The first machine operating-state monitoring
method of the present invention may further comprise: a
rotational phase difference deciding step of deciding
whether or not the rotational phase difference calculated
by the rotational phase difference calculating step is
a predetermined value or greater; and an alarm output step
of outputting an alarm when it is decided in the rotational
phase difference deciding step that the rotational phase
difference is the predetermined value or greater.

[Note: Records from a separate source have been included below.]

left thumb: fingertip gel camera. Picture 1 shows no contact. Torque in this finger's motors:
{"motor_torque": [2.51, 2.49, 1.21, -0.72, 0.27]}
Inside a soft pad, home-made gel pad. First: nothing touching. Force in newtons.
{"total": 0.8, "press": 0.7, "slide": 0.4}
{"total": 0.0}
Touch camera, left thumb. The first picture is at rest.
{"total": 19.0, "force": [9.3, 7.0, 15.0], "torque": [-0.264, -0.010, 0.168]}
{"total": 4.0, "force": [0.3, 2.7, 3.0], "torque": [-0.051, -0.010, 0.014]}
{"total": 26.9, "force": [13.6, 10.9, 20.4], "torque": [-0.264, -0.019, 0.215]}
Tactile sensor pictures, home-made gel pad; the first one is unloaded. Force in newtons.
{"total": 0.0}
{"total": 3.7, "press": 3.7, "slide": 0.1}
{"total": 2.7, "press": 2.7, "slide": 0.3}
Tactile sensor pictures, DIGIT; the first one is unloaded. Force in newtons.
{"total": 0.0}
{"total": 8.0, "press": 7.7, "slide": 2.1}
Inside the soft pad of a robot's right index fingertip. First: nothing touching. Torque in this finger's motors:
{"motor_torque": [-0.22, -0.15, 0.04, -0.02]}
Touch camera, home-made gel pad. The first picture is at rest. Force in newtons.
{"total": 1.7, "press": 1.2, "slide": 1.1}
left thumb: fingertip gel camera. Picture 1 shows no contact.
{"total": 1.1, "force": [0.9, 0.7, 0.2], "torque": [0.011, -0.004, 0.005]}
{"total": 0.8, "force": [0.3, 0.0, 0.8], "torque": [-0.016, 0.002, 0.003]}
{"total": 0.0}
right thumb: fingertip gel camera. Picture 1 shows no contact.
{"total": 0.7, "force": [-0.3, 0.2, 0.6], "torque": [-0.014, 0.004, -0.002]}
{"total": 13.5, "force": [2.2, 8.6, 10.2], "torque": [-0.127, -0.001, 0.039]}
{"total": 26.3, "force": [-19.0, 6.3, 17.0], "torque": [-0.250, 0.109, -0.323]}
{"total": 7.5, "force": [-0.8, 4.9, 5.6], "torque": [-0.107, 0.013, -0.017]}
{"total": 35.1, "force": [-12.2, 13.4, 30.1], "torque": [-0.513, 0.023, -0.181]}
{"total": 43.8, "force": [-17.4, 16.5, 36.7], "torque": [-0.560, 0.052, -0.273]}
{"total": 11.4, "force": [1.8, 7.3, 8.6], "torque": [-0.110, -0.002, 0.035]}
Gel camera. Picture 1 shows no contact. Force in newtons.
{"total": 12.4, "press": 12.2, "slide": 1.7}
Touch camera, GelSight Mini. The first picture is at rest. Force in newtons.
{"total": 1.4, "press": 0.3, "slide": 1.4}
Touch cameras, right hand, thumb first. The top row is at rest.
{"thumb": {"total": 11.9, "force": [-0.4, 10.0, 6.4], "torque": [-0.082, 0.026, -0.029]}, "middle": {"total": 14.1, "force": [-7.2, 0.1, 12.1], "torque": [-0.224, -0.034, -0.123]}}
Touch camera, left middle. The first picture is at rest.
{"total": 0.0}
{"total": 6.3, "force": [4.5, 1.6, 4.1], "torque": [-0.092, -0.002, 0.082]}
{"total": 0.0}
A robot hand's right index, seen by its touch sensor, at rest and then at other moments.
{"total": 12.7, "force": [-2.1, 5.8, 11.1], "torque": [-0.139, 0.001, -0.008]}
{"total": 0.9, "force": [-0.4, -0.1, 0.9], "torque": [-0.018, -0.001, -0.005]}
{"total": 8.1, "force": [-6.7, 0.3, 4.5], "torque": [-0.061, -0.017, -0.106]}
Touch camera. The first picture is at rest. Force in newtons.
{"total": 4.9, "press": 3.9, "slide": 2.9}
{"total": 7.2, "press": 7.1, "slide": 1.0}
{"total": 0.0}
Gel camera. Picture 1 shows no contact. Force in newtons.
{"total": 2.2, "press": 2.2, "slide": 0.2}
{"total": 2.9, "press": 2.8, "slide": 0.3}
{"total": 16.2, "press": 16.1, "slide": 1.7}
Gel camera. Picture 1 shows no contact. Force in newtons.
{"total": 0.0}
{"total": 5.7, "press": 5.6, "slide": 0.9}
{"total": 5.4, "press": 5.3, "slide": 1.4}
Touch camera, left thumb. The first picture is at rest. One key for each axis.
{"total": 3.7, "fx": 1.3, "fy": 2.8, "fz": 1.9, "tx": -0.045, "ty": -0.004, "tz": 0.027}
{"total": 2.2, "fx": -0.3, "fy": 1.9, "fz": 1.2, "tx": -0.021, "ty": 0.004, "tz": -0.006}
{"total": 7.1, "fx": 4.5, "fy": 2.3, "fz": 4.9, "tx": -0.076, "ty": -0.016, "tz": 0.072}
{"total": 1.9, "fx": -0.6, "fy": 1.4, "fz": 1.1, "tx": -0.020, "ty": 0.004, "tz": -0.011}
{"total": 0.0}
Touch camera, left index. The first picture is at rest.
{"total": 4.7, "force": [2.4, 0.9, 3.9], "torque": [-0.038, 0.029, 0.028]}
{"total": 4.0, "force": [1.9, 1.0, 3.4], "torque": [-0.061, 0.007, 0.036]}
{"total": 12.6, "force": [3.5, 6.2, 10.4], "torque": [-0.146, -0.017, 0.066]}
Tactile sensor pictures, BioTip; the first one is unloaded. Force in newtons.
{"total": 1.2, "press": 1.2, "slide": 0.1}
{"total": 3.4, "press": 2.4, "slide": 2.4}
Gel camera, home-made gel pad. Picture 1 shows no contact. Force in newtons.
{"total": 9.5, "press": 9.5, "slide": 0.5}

In addition, the first machine operating-state
monitoring method of the present invention may further
comprise a display step of displaying the rotational phase
difference calculated by the rotational phase difference
calculating step on a display section in a time-series
manner.
In accordance with the present invention, there
is provided a second machine operating-state monitoring
method of monitoring an operating state of a machine
provided within a factory by a factory-side system and
a remote-side system connected through a transfer medium,
the monitoring method comprising the steps of: detecting
a rotational phase difference by the aforementioned
rotational phase difference detecting system provided in
the factory-side system; transmitting information on the
detected rotational phase difference from the factory- side
system to the remote-side system through the transfer
medium; deciding whether or not the rotational phase
difference is a predetermined value or greater, based on
the rotational phase difference information received by
a rotational phase difference deciding section provided
in the remote-side system; transmitting a signal from the
remote-side system to the factory-side system through the
transfer medium when the phase difference deciding section
decides that the rotational phase difference is the
predetermined value or greater; and outputting an alarm
by alarm means provided in the factory-side system when
the signal is received.
In accordance with the present invention, there
is provided a third machine operating-state monitoring
method of monitoring an operating state of a machine
provided within a factory by a factory-side system and
a remote-side system connected through a transfer medium,
the monitoring method comprising the steps of: imaging
a second mark provided on a second rotating body by a first
camera provided in the factory-side system when a mark
sensor provided in the factory-side system detects a first
mark provided on a first rotating body; transmitting
information on the imaged second mark from the factory-side
system to the remote-side system through the transfer
medium; calculating a rotational phase difference between
the first and second rotating bodies, based on the
second-mark information received by a rotational phase
difference calculating section provided in the remote-side
system; deciding whether or not the calculated rotational
phase difference is a predetermined value or greater, by
a rotational phase difference deciding section provided
in the remote-side system; transmitting a signal from the
remote-side system to the factory-side system through the
transfer medium when the phase difference deciding section
decides that the rotational phase difference is the
predetermined value or greater; and outputting an alarm
by alarm means provided in the factory-side system when
the signal is received.
In accordance with the present invention, there
is provided a fourth machine operating-state monitoring
method of monitoring an operating state of a machine
provided within a factory by a factory-side system and
a remote-side system connected through a transfer medium,
the monitoring method comprising the steps of: imaging
a second mark provided on a second rotating body by a first
camera provided in the factory-side system when a mark
sensor provided in the factory-side system detects a first
mark provided on a first rotating body; transmitting
information on the imaged second mark from the factory-side
system to the remote-side system through the transfer
medium; calculating a rotational phase difference between
the first and second rotating bodies, based on the
second-mark information received by a rotational phase
difference calculating section provided in the remote-side
system; transmitting information on the calculated
rotational phase difference from the remote-side system
to the factory-side system through the transfer medium;
and displaying the transmitted information on a display
section provided in the factory-side system in a
time-series manner.
In the aforementioned machine operating-state
monitoring methods of the present invention, a print with
a possibility of printing trouble is extracted by
monitoring an operating state of a printing machine, and
the plurality of rotating bodies are printing rolls.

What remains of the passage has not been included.